The presumption is that test cases and test suites are examined by their authors before being submitted. If there is substantial doubt about the suitability or correctness of a test case, it should be resolved before submission. Test cases should be deprecated rarely. On the other hand, descriptive data about test cases, the "metadata", need not be vetted quit as rigorously.
Test Suite Selection
A test suite is a set of test cases explicitly picked for some purpose. For instance, "Minimum Pen Test Benchmark" might consist of cases 1053, 10277, 10278, ... (cases numbers are made up).
Using test suites in the SRD allows different people to pick different sets for different reasons. Test suite designers should consider many questions, for instance:
- Should there be mostly artificial test cases to cover a wide range of exploits, or should test cases be sampled from "the wild"? Would a mix of multiple sources be most appropriate?
- Should the distribution of bugs in the test suite correspond to the distribution of actual bugs found in software, or should more focus be put on covering as many types of bugs as possible?
- If we are only sampling from vulnerabilities that survived an internal debugging process, would they be valid for evaluating a tool's ability to catch all bugs or simply the "hardest"?
- Does performance on artificial test cases reflect a tool's ability to perform on real code?
- Here are some questions about using academic cases:
- Will this code provide an accurate means for evaluating SA tools?
- Are the errors and bugs introduced while learning the same as those in professionally produced software?
- Is the course work sufficiently complex to be used to evaluate tools that are intended for industry software?
- What range of concepts (threads, networking, cryptography, etc) does the course work cover compared to "real" software?
- There is a big advantage (and a disadvantage) to using using dynamically generated cases.
- The advantage is that dynamically generated code is less suseptible to being "gamed". With a fixed test suite, a tool could have a table of all the cases and the "correct" responses.
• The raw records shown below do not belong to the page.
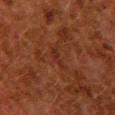follow-up = total-body-photography surveillance lesion; no biopsy | location = the upper back | size = about 3.5 mm | patient = female, aged around 50 | acquisition = ~15 mm crop, total-body skin-cancer survey | tile lighting = cross-polarized | automated metrics = a mean CIELAB color near L≈24 a*≈21 b*≈25, roughly 4 lightness units darker than nearby skin, and a normalized border contrast of about 4.5; internal color variation of about 0.5 on a 0–10 scale and a peripheral color-asymmetry measure near 0; a nevus-likeness score of about 0/100 and lesion-presence confidence of about 80/100.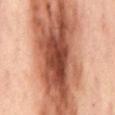Cropped from a total-body skin-imaging series; the visible field is about 15 mm. The total-body-photography lesion software estimated a footprint of about 135 mm², an eccentricity of roughly 0.95, and a symmetry-axis asymmetry near 0.25. It also reported a lesion–skin lightness drop of about 15 and a lesion-to-skin contrast of about 10.5 (normalized; higher = more distinct). And it measured a border-irregularity rating of about 4/10, a within-lesion color-variation index near 8/10, and a peripheral color-asymmetry measure near 2.5. The analysis additionally found a classifier nevus-likeness of about 90/100. On the mid back. A female patient, aged 53–57. Approximately 23.5 mm at its widest.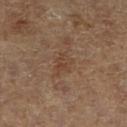Notes:
• lighting: cross-polarized
• image source: ~15 mm tile from a whole-body skin photo
• diameter: about 3 mm
• site: the right lower leg
• subject: male, aged around 85 or older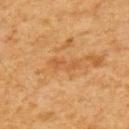workup — imaged on a skin check; not biopsied
subject — male, in their 60s
imaging modality — 15 mm crop, total-body photography
size — about 3.5 mm
body site — the upper back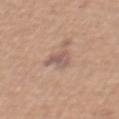<lesion>
  <biopsy_status>not biopsied; imaged during a skin examination</biopsy_status>
  <site>abdomen</site>
  <automated_metrics>
    <cielab_L>56</cielab_L>
    <cielab_a>18</cielab_a>
    <cielab_b>24</cielab_b>
    <vs_skin_darker_L>9.0</vs_skin_darker_L>
    <vs_skin_contrast_norm>7.0</vs_skin_contrast_norm>
    <color_variation_0_10>2.0</color_variation_0_10>
    <nevus_likeness_0_100>0</nevus_likeness_0_100>
  </automated_metrics>
  <lesion_size>
    <long_diameter_mm_approx>3.0</long_diameter_mm_approx>
  </lesion_size>
  <lighting>white-light</lighting>
  <patient>
    <sex>male</sex>
    <age_approx>55</age_approx>
  </patient>
  <image>
    <source>total-body photography crop</source>
    <field_of_view_mm>15</field_of_view_mm>
  </image>
</lesion>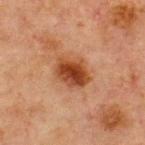Part of a total-body skin-imaging series; this lesion was reviewed on a skin check and was not flagged for biopsy. A roughly 15 mm field-of-view crop from a total-body skin photograph. A male patient, aged 63 to 67. The lesion is on the front of the torso. Automated image analysis of the tile measured a mean CIELAB color near L≈36 a*≈23 b*≈31, a lesion–skin lightness drop of about 12, and a normalized lesion–skin contrast near 10.5. Measured at roughly 4 mm in maximum diameter. This is a cross-polarized tile.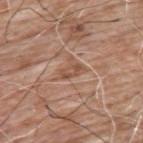Assessment:
Imaged during a routine full-body skin examination; the lesion was not biopsied and no histopathology is available.
Image and clinical context:
From the upper back. The subject is a male aged around 60. The lesion's longest dimension is about 2.5 mm. Imaged with white-light lighting. A 15 mm crop from a total-body photograph taken for skin-cancer surveillance.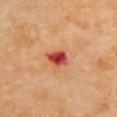A 15 mm close-up tile from a total-body photography series done for melanoma screening.
The subject is a female roughly 55 years of age.
This is a cross-polarized tile.
The lesion is on the chest.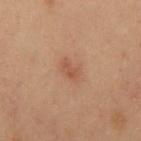{"biopsy_status": "not biopsied; imaged during a skin examination"}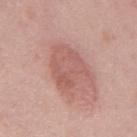| key | value |
|---|---|
| notes | no biopsy performed (imaged during a skin exam) |
| anatomic site | the back |
| size | ~5 mm (longest diameter) |
| image | 15 mm crop, total-body photography |
| subject | male, aged 43–47 |
| lighting | white-light illumination |
| image-analysis metrics | a lesion color around L≈58 a*≈24 b*≈25 in CIELAB, roughly 8 lightness units darker than nearby skin, and a normalized lesion–skin contrast near 5.5; a classifier nevus-likeness of about 45/100 and a detector confidence of about 100 out of 100 that the crop contains a lesion |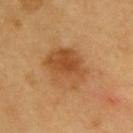Assessment:
Imaged during a routine full-body skin examination; the lesion was not biopsied and no histopathology is available.
Acquisition and patient details:
Cropped from a whole-body photographic skin survey; the tile spans about 15 mm. A male patient, aged 58–62. On the upper back. Longest diameter approximately 5.5 mm.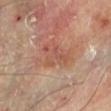Clinical impression:
Part of a total-body skin-imaging series; this lesion was reviewed on a skin check and was not flagged for biopsy.
Context:
The subject is a male about 70 years old. An algorithmic analysis of the crop reported a lesion color around L≈52 a*≈23 b*≈29 in CIELAB, a lesion–skin lightness drop of about 7, and a normalized border contrast of about 5. The software also gave a nevus-likeness score of about 0/100 and a lesion-detection confidence of about 100/100. Imaged with cross-polarized lighting. From the left lower leg. The lesion's longest dimension is about 4.5 mm. A roughly 15 mm field-of-view crop from a total-body skin photograph.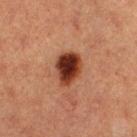A 15 mm close-up tile from a total-body photography series done for melanoma screening. The tile uses cross-polarized illumination. A female subject aged approximately 40. The lesion is on the left thigh. The recorded lesion diameter is about 4 mm. The lesion-visualizer software estimated a lesion area of about 9 mm², a shape eccentricity near 0.65, and a shape-asymmetry score of about 0.15 (0 = symmetric). The analysis additionally found a border-irregularity index near 1.5/10, a color-variation rating of about 5.5/10, and a peripheral color-asymmetry measure near 1.5.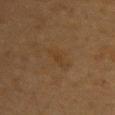On the upper back. A male subject aged approximately 85 or older. A region of skin cropped from a whole-body photographic capture, roughly 15 mm wide. The lesion-visualizer software estimated an area of roughly 2.5 mm², an outline eccentricity of about 0.95 (0 = round, 1 = elongated), and two-axis asymmetry of about 0.45. Longest diameter approximately 3 mm.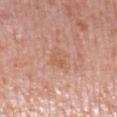<lesion>
<biopsy_status>not biopsied; imaged during a skin examination</biopsy_status>
<site>right lower leg</site>
<lighting>white-light</lighting>
<image>
  <source>total-body photography crop</source>
  <field_of_view_mm>15</field_of_view_mm>
</image>
<patient>
  <sex>female</sex>
  <age_approx>40</age_approx>
</patient>
<automated_metrics>
  <border_irregularity_0_10>2.0</border_irregularity_0_10>
  <color_variation_0_10>3.0</color_variation_0_10>
  <peripheral_color_asymmetry>1.0</peripheral_color_asymmetry>
  <nevus_likeness_0_100>0</nevus_likeness_0_100>
</automated_metrics>
</lesion>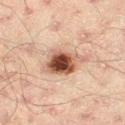{
  "biopsy_status": "not biopsied; imaged during a skin examination",
  "patient": {
    "sex": "male",
    "age_approx": 45
  },
  "image": {
    "source": "total-body photography crop",
    "field_of_view_mm": 15
  },
  "site": "right thigh"
}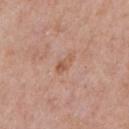Q: Was a biopsy performed?
A: catalogued during a skin exam; not biopsied
Q: Illumination type?
A: white-light illumination
Q: What is the anatomic site?
A: the chest
Q: Lesion size?
A: ≈3 mm
Q: What kind of image is this?
A: ~15 mm tile from a whole-body skin photo
Q: Patient demographics?
A: male, in their 80s
Q: Automated lesion metrics?
A: a lesion color around L≈56 a*≈22 b*≈31 in CIELAB, about 8 CIELAB-L* units darker than the surrounding skin, and a normalized lesion–skin contrast near 6; a border-irregularity index near 3/10, a color-variation rating of about 1.5/10, and peripheral color asymmetry of about 0; an automated nevus-likeness rating near 0 out of 100 and a lesion-detection confidence of about 100/100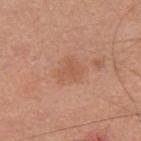{"lighting": "white-light", "lesion_size": {"long_diameter_mm_approx": 3.5}, "automated_metrics": {"area_mm2_approx": 7.5, "eccentricity": 0.45, "shape_asymmetry": 0.3, "vs_skin_darker_L": 6.0, "vs_skin_contrast_norm": 4.5, "border_irregularity_0_10": 3.0, "color_variation_0_10": 2.0, "peripheral_color_asymmetry": 0.5, "lesion_detection_confidence_0_100": 100}, "site": "upper back", "image": {"source": "total-body photography crop", "field_of_view_mm": 15}, "patient": {"sex": "male", "age_approx": 30}}

Then the tool always gets 100% on the standard test. Even simple dynamic variable and function renaming would defeat simple cheats.
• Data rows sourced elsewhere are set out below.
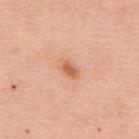Imaged during a routine full-body skin examination; the lesion was not biopsied and no histopathology is available.
Approximately 2.5 mm at its widest.
The patient is a female in their mid- to late 60s.
Cropped from a total-body skin-imaging series; the visible field is about 15 mm.
On the upper back.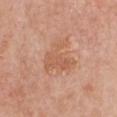Q: Was a biopsy performed?
A: catalogued during a skin exam; not biopsied
Q: What are the patient's age and sex?
A: female, aged 48–52
Q: What is the imaging modality?
A: total-body-photography crop, ~15 mm field of view
Q: Lesion location?
A: the chest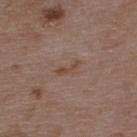Impression: Recorded during total-body skin imaging; not selected for excision or biopsy. Acquisition and patient details: The tile uses white-light illumination. A close-up tile cropped from a whole-body skin photograph, about 15 mm across. About 3 mm across. A male subject, approximately 50 years of age. The lesion is located on the upper back. Automated tile analysis of the lesion measured an area of roughly 3 mm² and an eccentricity of roughly 0.9. The software also gave a classifier nevus-likeness of about 0/100 and a lesion-detection confidence of about 100/100.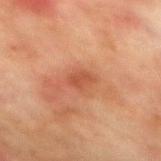The lesion was tiled from a total-body skin photograph and was not biopsied.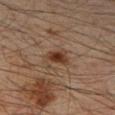The lesion was tiled from a total-body skin photograph and was not biopsied. Cropped from a whole-body photographic skin survey; the tile spans about 15 mm. On the right forearm. A male patient, in their mid- to late 40s.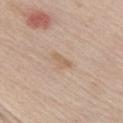Captured during whole-body skin photography for melanoma surveillance; the lesion was not biopsied. The subject is a male aged around 65. A 15 mm close-up tile from a total-body photography series done for melanoma screening. Measured at roughly 2.5 mm in maximum diameter. On the chest.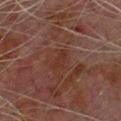Q: Is there a histopathology result?
A: no biopsy performed (imaged during a skin exam)
Q: Where on the body is the lesion?
A: the chest
Q: How was this image acquired?
A: ~15 mm tile from a whole-body skin photo
Q: What did automated image analysis measure?
A: an area of roughly 3.5 mm², a shape eccentricity near 0.85, and a symmetry-axis asymmetry near 0.4; about 4 CIELAB-L* units darker than the surrounding skin; border irregularity of about 4 on a 0–10 scale, internal color variation of about 1.5 on a 0–10 scale, and a peripheral color-asymmetry measure near 1
Q: What lighting was used for the tile?
A: cross-polarized illumination
Q: How large is the lesion?
A: ~3 mm (longest diameter)
Q: Who is the patient?
A: male, aged 78 to 82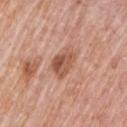Clinical impression: This lesion was catalogued during total-body skin photography and was not selected for biopsy. Image and clinical context: On the left upper arm. A 15 mm close-up extracted from a 3D total-body photography capture. The recorded lesion diameter is about 3.5 mm. A male patient in their mid-70s. This is a white-light tile.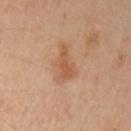This lesion was catalogued during total-body skin photography and was not selected for biopsy.
On the left upper arm.
This is a cross-polarized tile.
A region of skin cropped from a whole-body photographic capture, roughly 15 mm wide.
Automated tile analysis of the lesion measured a color-variation rating of about 2/10 and a peripheral color-asymmetry measure near 0.5. The software also gave a detector confidence of about 100 out of 100 that the crop contains a lesion.
The patient is a female in their 40s.
Approximately 4.5 mm at its widest.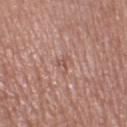follow-up = total-body-photography surveillance lesion; no biopsy
imaging modality = 15 mm crop, total-body photography
tile lighting = white-light illumination
size = ~3 mm (longest diameter)
site = the right thigh
patient = female, aged around 40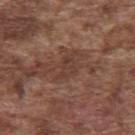Q: Was a biopsy performed?
A: imaged on a skin check; not biopsied
Q: What are the patient's age and sex?
A: male, aged 73 to 77
Q: How was this image acquired?
A: ~15 mm tile from a whole-body skin photo
Q: Lesion location?
A: the upper back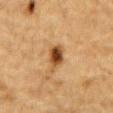<record>
  <lesion_size>
    <long_diameter_mm_approx>2.5</long_diameter_mm_approx>
  </lesion_size>
  <lighting>cross-polarized</lighting>
  <image>
    <source>total-body photography crop</source>
    <field_of_view_mm>15</field_of_view_mm>
  </image>
  <site>mid back</site>
  <patient>
    <sex>male</sex>
    <age_approx>85+</age_approx>
  </patient>
</record>

- The disadvantage is that the generation technique itself would have to be qualified as part of the test methodology. Of course, qualifying each case generated might be infeasible, too.
- What types of vulnerabilities should be selected? What languages should be the primary focus? What compilers, platforms, and applications (servers, browsers, etc) would be most useful for testing purposes? If a piece of code is buggy only on certain compilers, should it be included or should errors introduced by a compiler be ignored?
Flaw classes and Code complexity
Our current flaw classes and code complexities are still available as XML files. You can download the current XML Flaw Class Tree and the XML of code complexities.
SRD Test Case Status - What it Means
What does it mean when an SRD test case is labeled "candidate"? What is the quality of that test case? Has it been reviewed or vetted in any way? What constitutes an "accepted" test case? And what if a test case is found to be incorrect or of poor quality? We provide information explaining what the status tag assigned to each test case tells you.
Other NIST Reference Datasets
NIST is developing Computer Forensic Reference Data Sets (CFReDS) for digital evidence. These reference data sets provide an investigator documented sets of simulated digital evidence for examination.
Statistical Reference Datasets (StRD) are "reference datasets with certified values for a variety of statistical methods."
Other datasets, handbooks, and reference material are available to help "by mathematical modeling, design of methods, transformation of these methods into efficient numerical algorithms for high-performance computers and the implementation of these methods into high-quality mathematical software."